* [What to produce]: Filter the entries down to the lines holding "Invasive", then copy those lines.

Input for this task below:

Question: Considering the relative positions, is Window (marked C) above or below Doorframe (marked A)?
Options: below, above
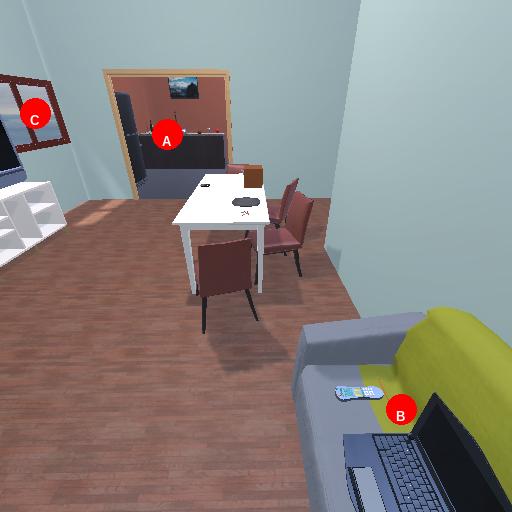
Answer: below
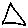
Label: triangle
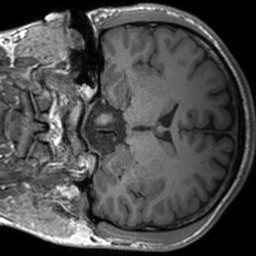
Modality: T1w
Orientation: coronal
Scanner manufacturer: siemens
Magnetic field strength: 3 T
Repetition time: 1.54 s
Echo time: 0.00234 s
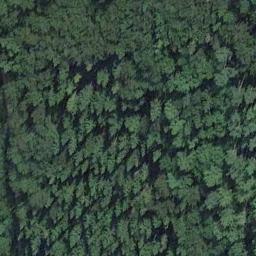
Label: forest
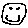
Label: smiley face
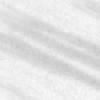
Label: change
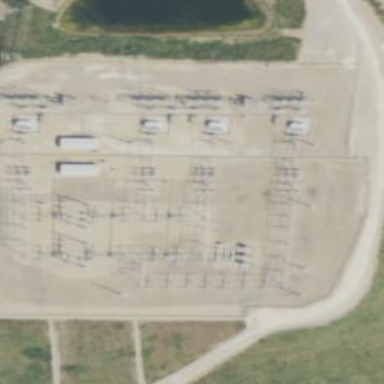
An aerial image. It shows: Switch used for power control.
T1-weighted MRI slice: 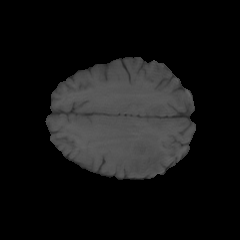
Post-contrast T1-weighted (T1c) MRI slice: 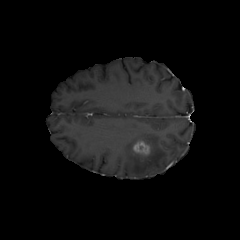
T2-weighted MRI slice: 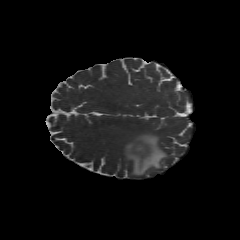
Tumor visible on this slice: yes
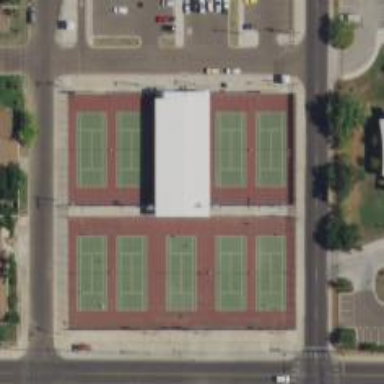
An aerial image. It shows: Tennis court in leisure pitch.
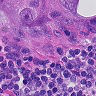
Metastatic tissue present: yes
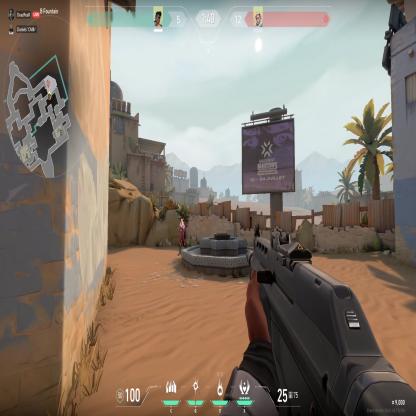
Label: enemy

End of Input for this task.
Input for this task below:

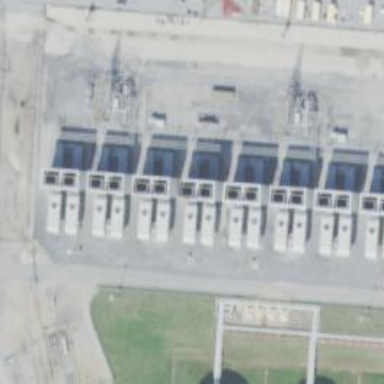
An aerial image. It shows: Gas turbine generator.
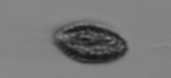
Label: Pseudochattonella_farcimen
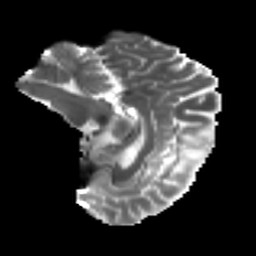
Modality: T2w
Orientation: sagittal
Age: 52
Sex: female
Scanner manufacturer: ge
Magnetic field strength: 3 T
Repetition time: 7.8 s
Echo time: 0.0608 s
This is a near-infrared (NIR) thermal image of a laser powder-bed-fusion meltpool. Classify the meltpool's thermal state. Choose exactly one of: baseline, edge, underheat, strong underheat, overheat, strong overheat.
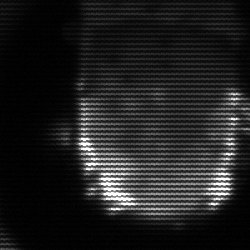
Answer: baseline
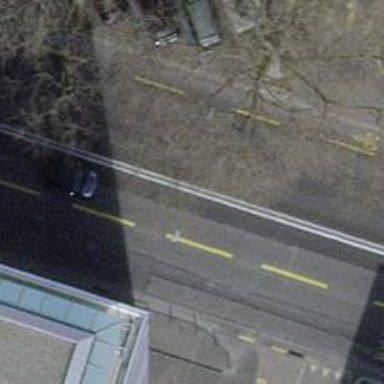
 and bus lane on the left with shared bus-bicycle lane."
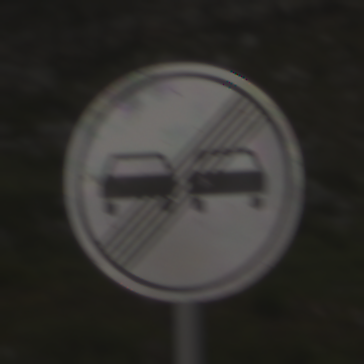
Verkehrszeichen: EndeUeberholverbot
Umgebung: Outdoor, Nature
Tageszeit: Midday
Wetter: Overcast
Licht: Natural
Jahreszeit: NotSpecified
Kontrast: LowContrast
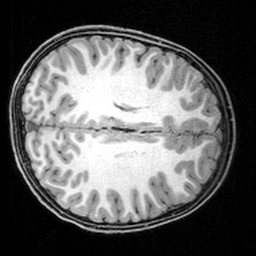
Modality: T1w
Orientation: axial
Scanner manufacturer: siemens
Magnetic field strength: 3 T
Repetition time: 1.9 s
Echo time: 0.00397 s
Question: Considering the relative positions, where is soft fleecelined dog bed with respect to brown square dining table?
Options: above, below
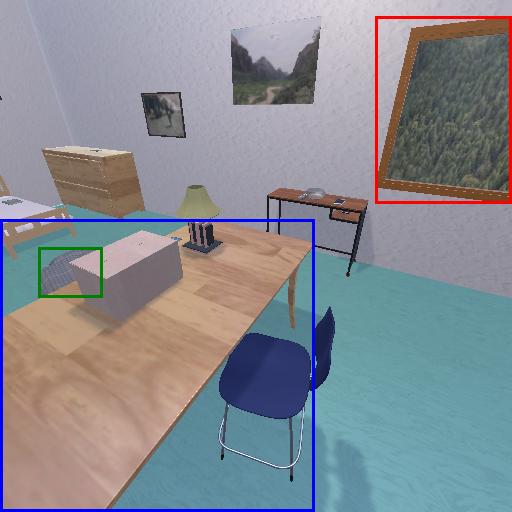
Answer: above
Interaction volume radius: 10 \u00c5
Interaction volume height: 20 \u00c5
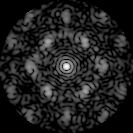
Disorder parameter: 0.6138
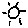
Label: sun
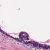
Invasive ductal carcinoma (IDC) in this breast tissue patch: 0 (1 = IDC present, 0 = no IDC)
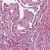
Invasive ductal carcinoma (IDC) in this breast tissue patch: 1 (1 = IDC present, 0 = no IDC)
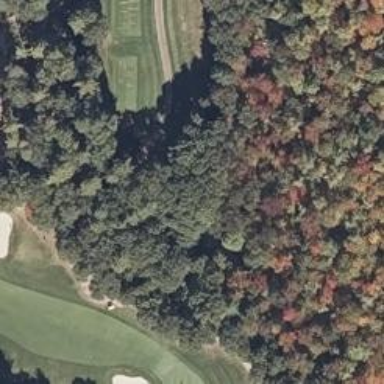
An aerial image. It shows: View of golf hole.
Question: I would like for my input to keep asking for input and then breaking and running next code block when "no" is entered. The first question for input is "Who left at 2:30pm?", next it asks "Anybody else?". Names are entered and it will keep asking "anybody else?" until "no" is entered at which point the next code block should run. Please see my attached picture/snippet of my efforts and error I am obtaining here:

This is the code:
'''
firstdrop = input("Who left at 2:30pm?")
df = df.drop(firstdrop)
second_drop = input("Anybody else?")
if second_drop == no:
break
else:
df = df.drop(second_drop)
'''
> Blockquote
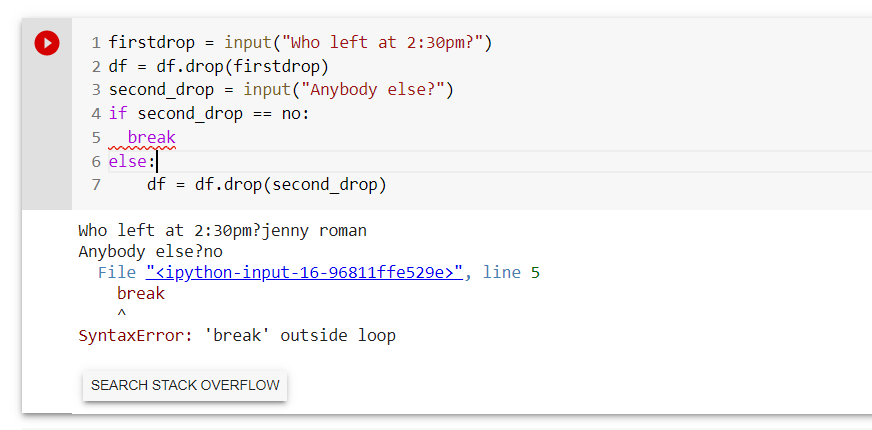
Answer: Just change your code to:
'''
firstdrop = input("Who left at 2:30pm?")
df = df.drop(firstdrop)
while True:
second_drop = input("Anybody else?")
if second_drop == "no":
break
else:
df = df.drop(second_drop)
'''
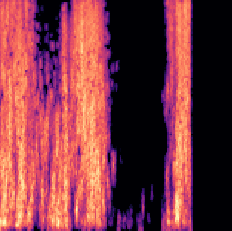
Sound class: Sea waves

End of Input for this task.
Input for this task below:

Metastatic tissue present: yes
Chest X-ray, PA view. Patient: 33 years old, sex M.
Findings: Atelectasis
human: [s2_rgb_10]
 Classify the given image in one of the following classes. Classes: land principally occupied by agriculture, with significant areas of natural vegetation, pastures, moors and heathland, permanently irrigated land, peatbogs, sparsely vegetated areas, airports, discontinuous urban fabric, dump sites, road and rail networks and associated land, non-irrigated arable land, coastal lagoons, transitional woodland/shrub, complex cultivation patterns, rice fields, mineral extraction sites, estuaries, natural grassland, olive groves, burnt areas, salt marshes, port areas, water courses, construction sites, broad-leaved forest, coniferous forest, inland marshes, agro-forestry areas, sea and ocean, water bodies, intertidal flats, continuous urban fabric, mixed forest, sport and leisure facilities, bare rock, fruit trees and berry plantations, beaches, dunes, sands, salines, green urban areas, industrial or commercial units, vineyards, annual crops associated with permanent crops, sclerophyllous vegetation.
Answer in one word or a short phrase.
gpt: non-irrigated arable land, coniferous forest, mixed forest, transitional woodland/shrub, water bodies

End of Input for this task.

* [Answer to this exercise]:
Invasive ductal carcinoma (IDC) in this breast tissue patch: 0 (1 = IDC present, 0 = no IDC)
Invasive ductal carcinoma (IDC) in this breast tissue patch: 1 (1 = IDC present, 0 = no IDC)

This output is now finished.